Could you please reproduce every record below exactly, leaving out the pictures?

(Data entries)
>>>>>

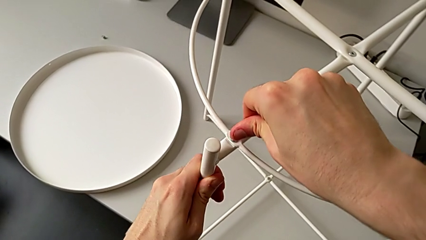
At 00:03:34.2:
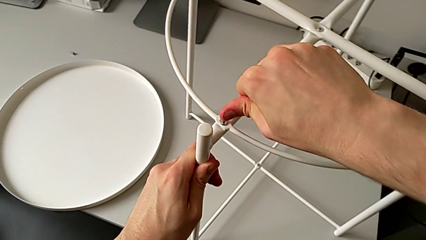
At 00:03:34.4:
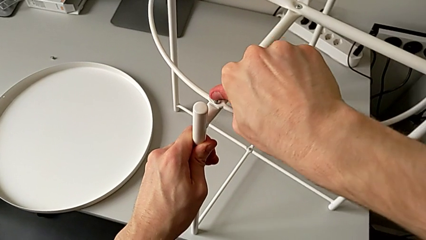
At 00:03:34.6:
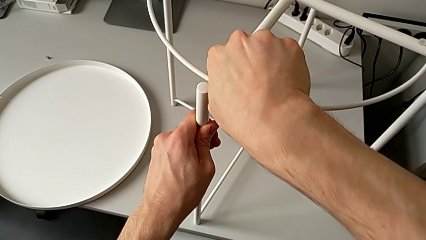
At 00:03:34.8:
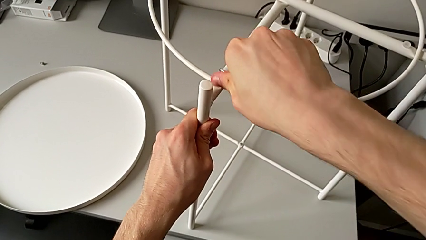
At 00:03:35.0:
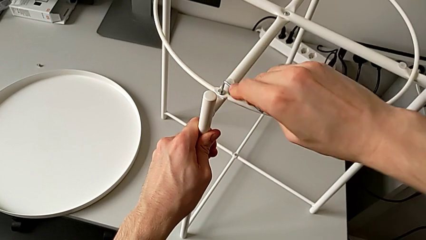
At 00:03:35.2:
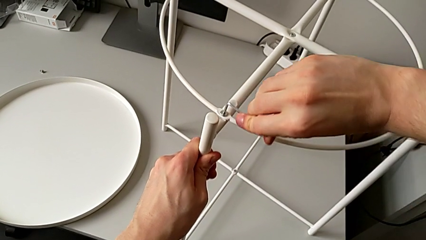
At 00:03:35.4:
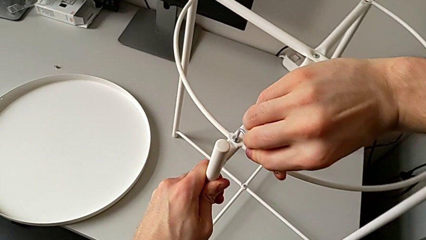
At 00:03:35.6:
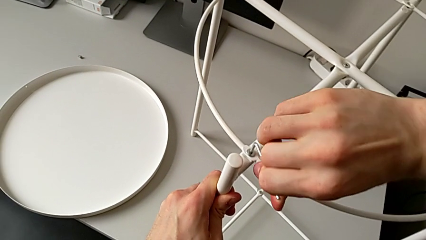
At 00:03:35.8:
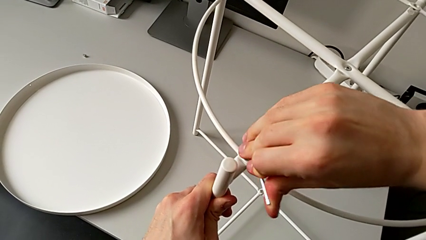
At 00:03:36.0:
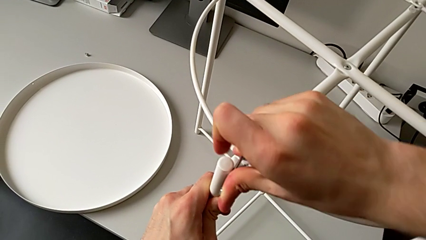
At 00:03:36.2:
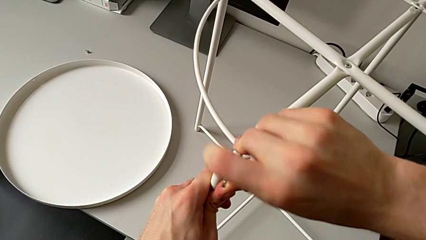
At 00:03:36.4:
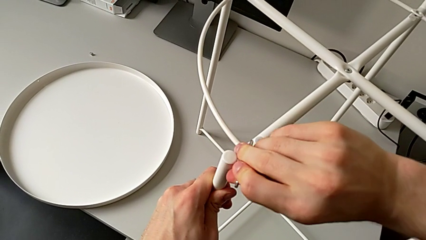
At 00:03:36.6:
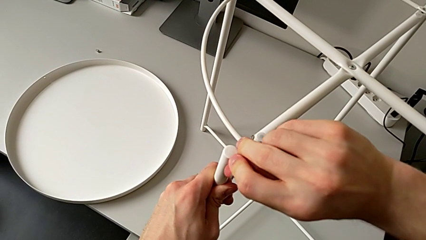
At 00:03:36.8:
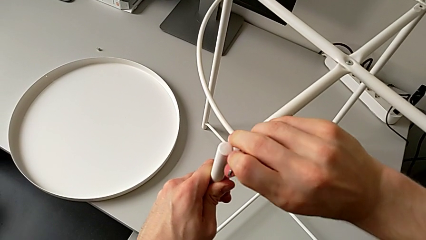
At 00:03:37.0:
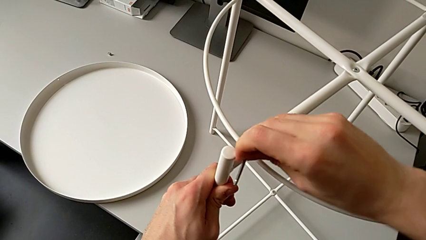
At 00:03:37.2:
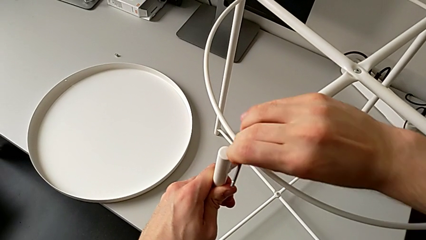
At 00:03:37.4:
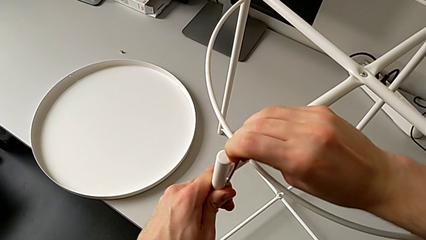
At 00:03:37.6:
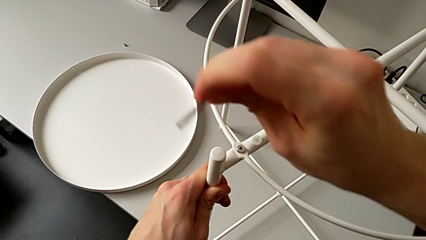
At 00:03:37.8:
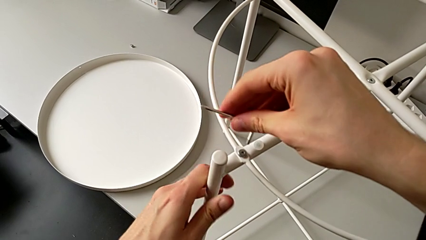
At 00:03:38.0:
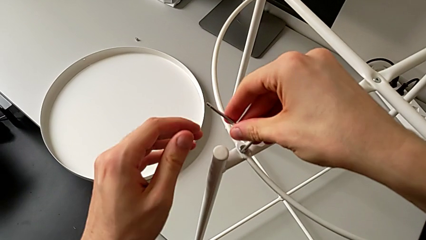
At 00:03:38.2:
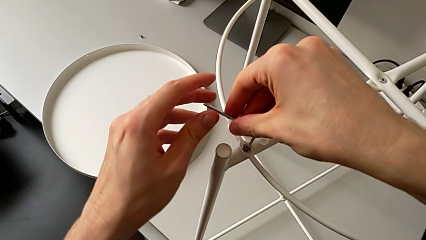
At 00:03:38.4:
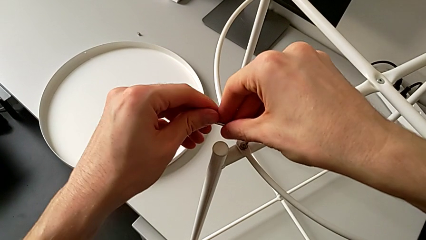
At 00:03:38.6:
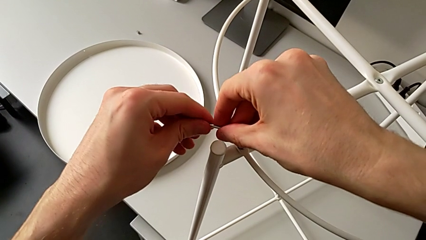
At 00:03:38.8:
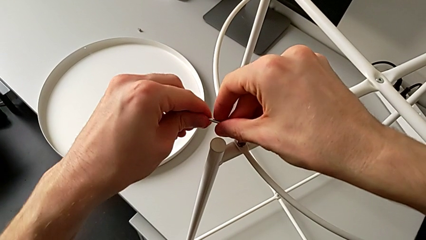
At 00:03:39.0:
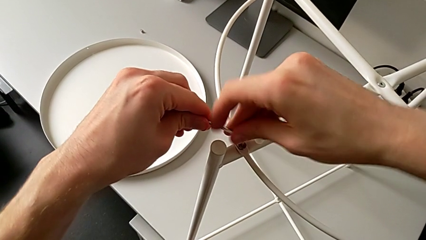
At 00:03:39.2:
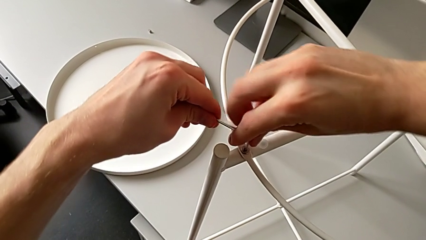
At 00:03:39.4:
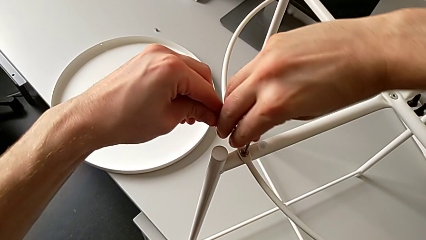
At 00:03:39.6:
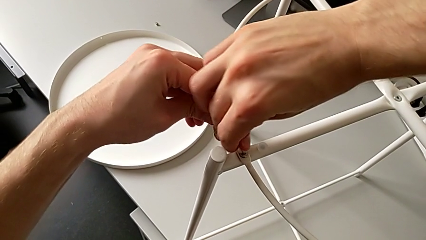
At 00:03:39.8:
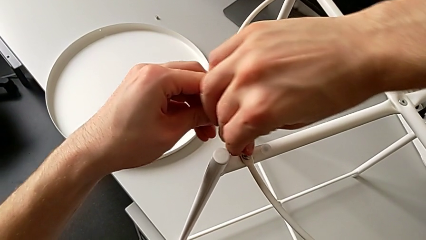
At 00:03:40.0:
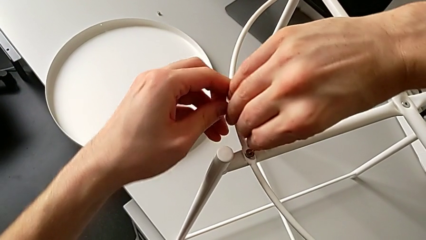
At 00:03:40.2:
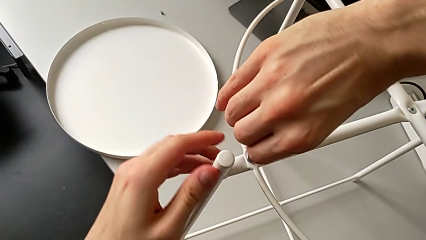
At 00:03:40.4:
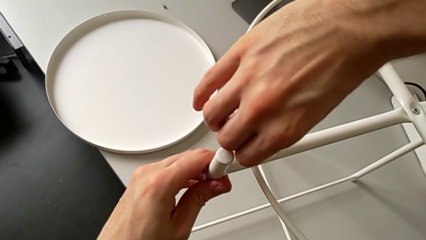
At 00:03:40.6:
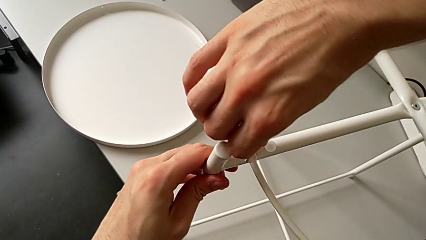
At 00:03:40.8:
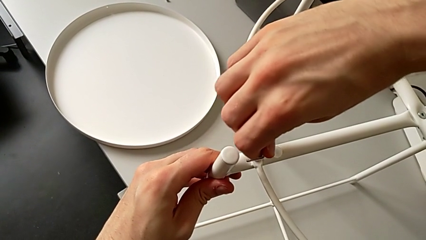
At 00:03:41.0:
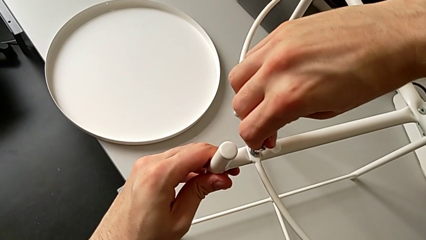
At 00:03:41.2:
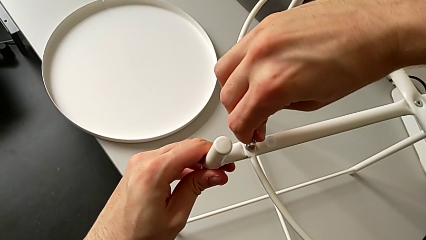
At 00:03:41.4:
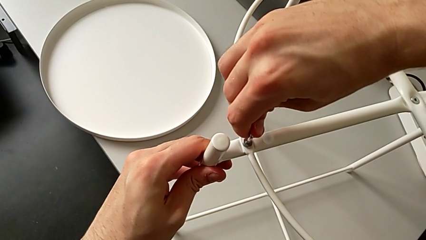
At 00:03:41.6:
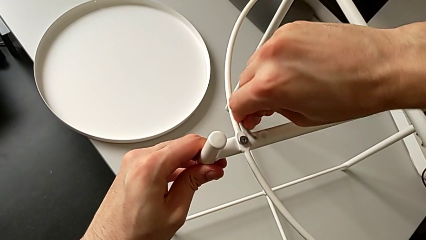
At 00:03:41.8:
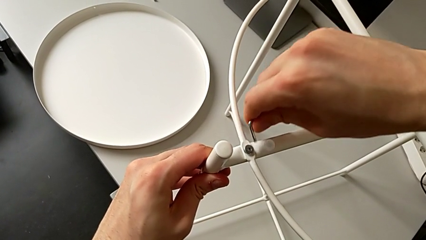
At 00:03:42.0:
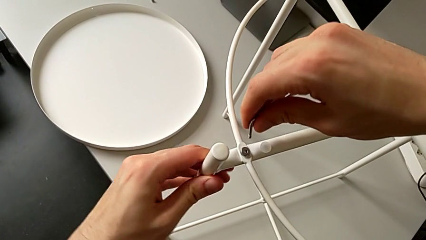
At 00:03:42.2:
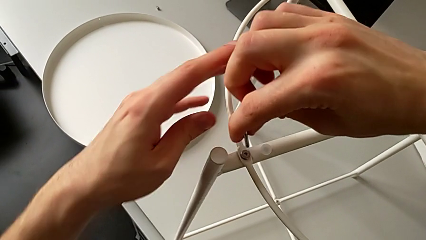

<<<<<

§ **Output for this task**:
At 00:03:34.2:
At 00:03:34.4:
At 00:03:34.6:
At 00:03:34.8:
At 00:03:35.0:
At 00:03:35.2:
At 00:03:35.4:
At 00:03:35.6:
At 00:03:35.8:
At 00:03:36.0:
At 00:03:36.2:
At 00:03:36.4:
At 00:03:36.6:
At 00:03:36.8:
At 00:03:37.0:
At 00:03:37.2:
At 00:03:37.4:
At 00:03:37.6:
At 00:03:37.8:
At 00:03:38.0:
At 00:03:38.2:
At 00:03:38.4:
At 00:03:38.6:
At 00:03:38.8:
At 00:03:39.0:
At 00:03:39.2:
At 00:03:39.4:
At 00:03:39.6:
At 00:03:39.8:
At 00:03:40.0:
At 00:03:40.2:
At 00:03:40.4:
At 00:03:40.6:
At 00:03:40.8:
At 00:03:41.0:
At 00:03:41.2:
At 00:03:41.4:
At 00:03:41.6:
At 00:03:41.8:
At 00:03:42.0:
At 00:03:42.2:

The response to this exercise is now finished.